BEGIN MATERIAL SUPPLIED

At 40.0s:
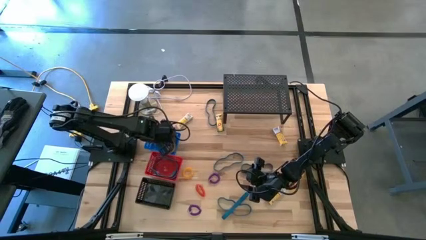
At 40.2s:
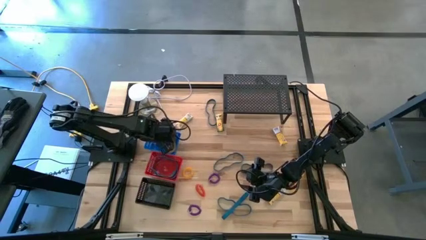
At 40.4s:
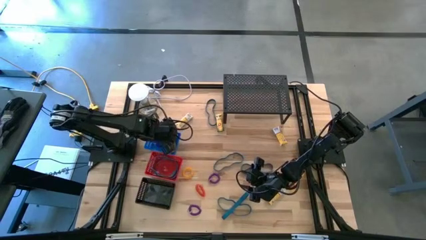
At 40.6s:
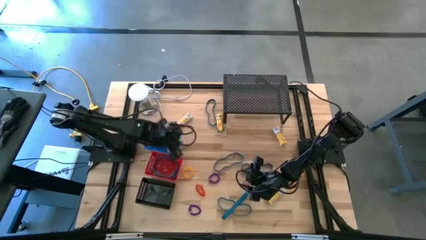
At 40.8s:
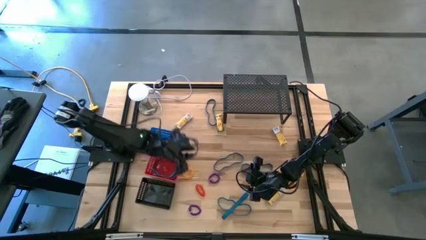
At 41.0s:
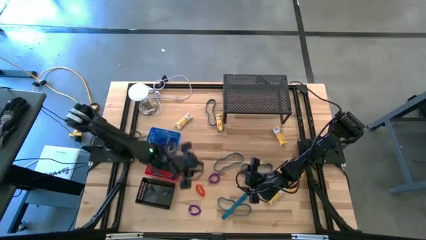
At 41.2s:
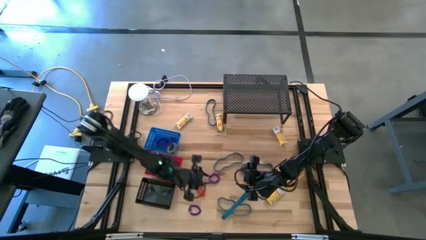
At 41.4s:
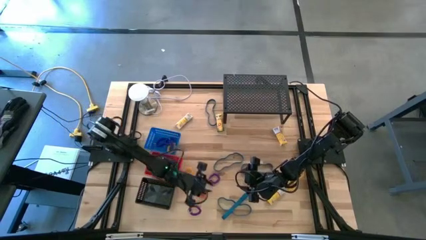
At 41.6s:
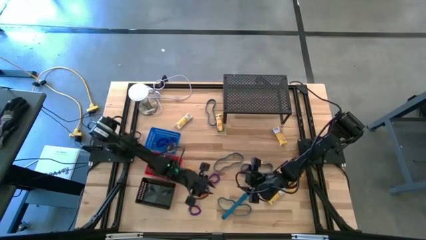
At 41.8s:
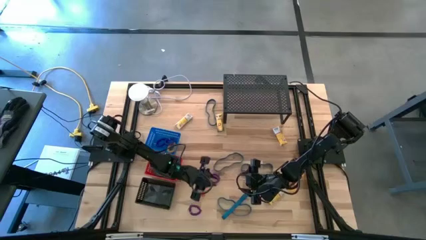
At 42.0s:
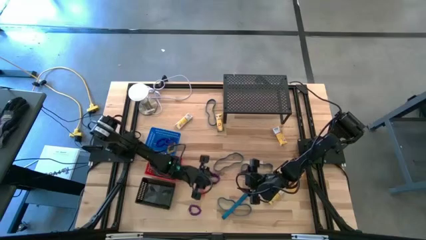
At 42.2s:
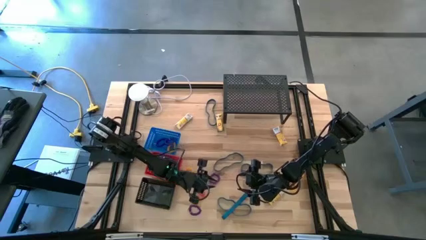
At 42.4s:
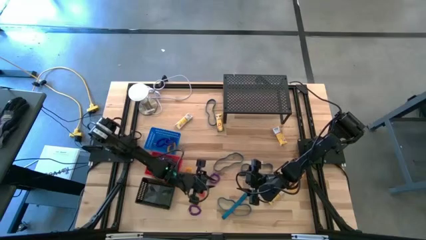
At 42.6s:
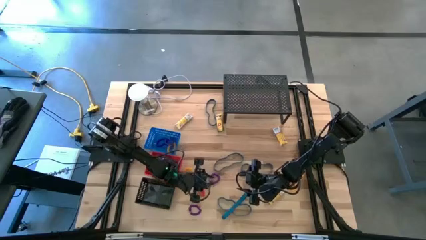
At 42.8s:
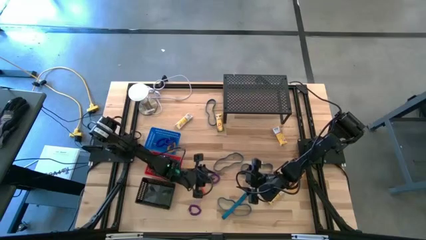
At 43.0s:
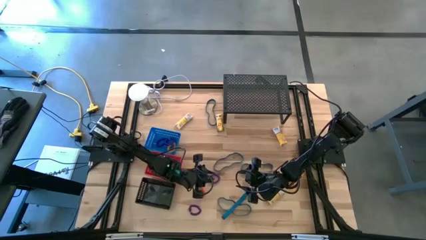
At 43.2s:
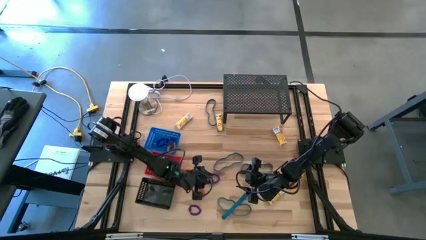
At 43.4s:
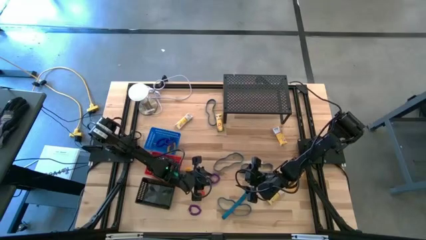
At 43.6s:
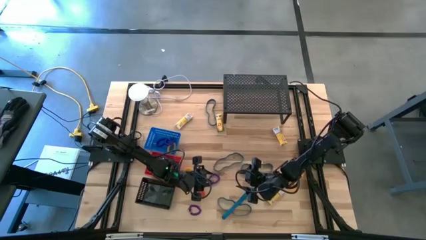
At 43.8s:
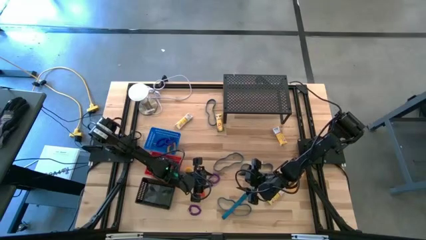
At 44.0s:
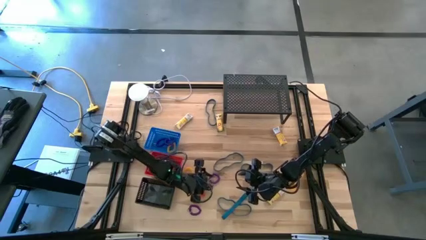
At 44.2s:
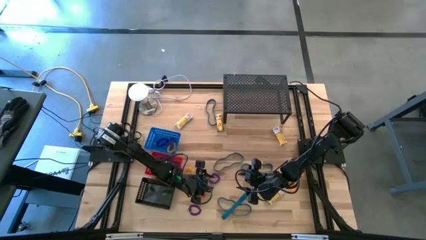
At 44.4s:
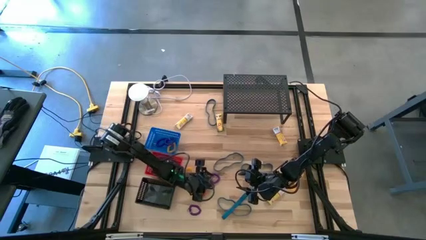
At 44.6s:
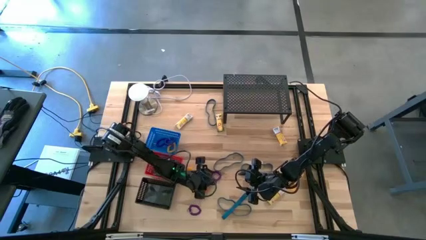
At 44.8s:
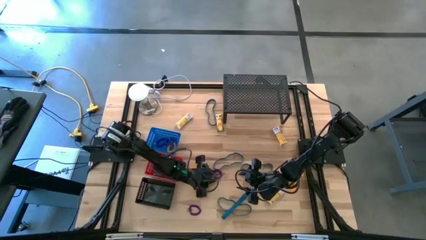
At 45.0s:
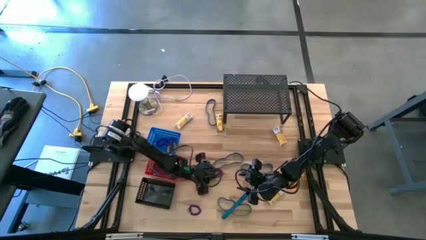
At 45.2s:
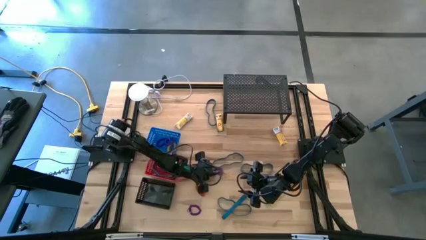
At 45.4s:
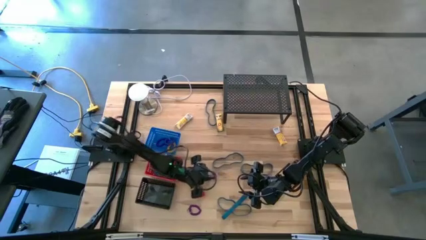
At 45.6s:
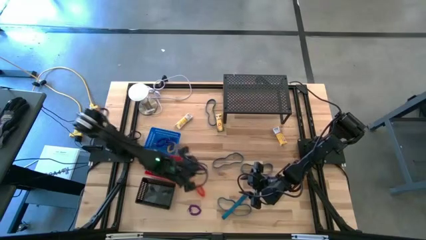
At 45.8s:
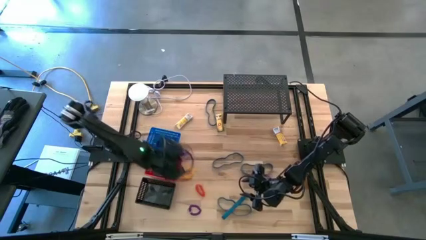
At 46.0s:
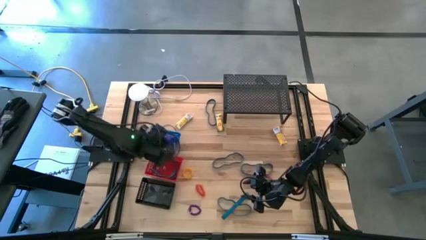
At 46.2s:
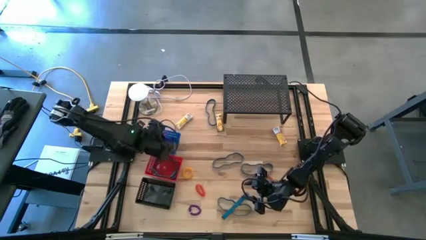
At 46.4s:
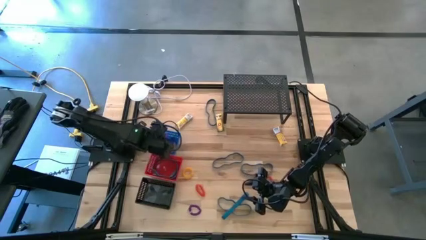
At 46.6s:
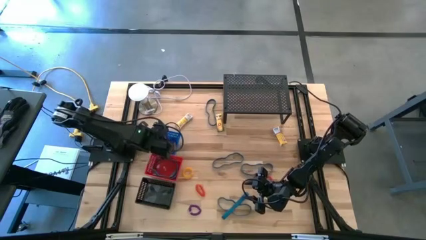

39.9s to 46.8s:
Task: Pick & Place Office Desk Supplies
Put the purple spring keychain into the blue bin

END MATERIAL SUPPLIED

=== TASK ===
Nothing but the records above, retyped exactly and stripped of images, should appear in the answer.

=== ANSWER BOX ===
At 40.0s:
At 40.2s:
At 40.4s:
At 40.6s:
At 40.8s:
At 41.0s:
At 41.2s:
At 41.4s:
At 41.6s:
At 41.8s:
At 42.0s:
At 42.2s:
At 42.4s:
At 42.6s:
At 42.8s:
At 43.0s:
At 43.2s:
At 43.4s:
At 43.6s:
At 43.8s:
At 44.0s:
At 44.2s:
At 44.4s:
At 44.6s:
At 44.8s:
At 45.0s:
At 45.2s:
At 45.4s:
At 45.6s:
At 45.8s:
At 46.0s:
At 46.2s:
At 46.4s:
At 46.6s:

39.9s to 46.8s:
Task: Pick & Place Office Desk Supplies
Put the purple spring keychain into the blue bin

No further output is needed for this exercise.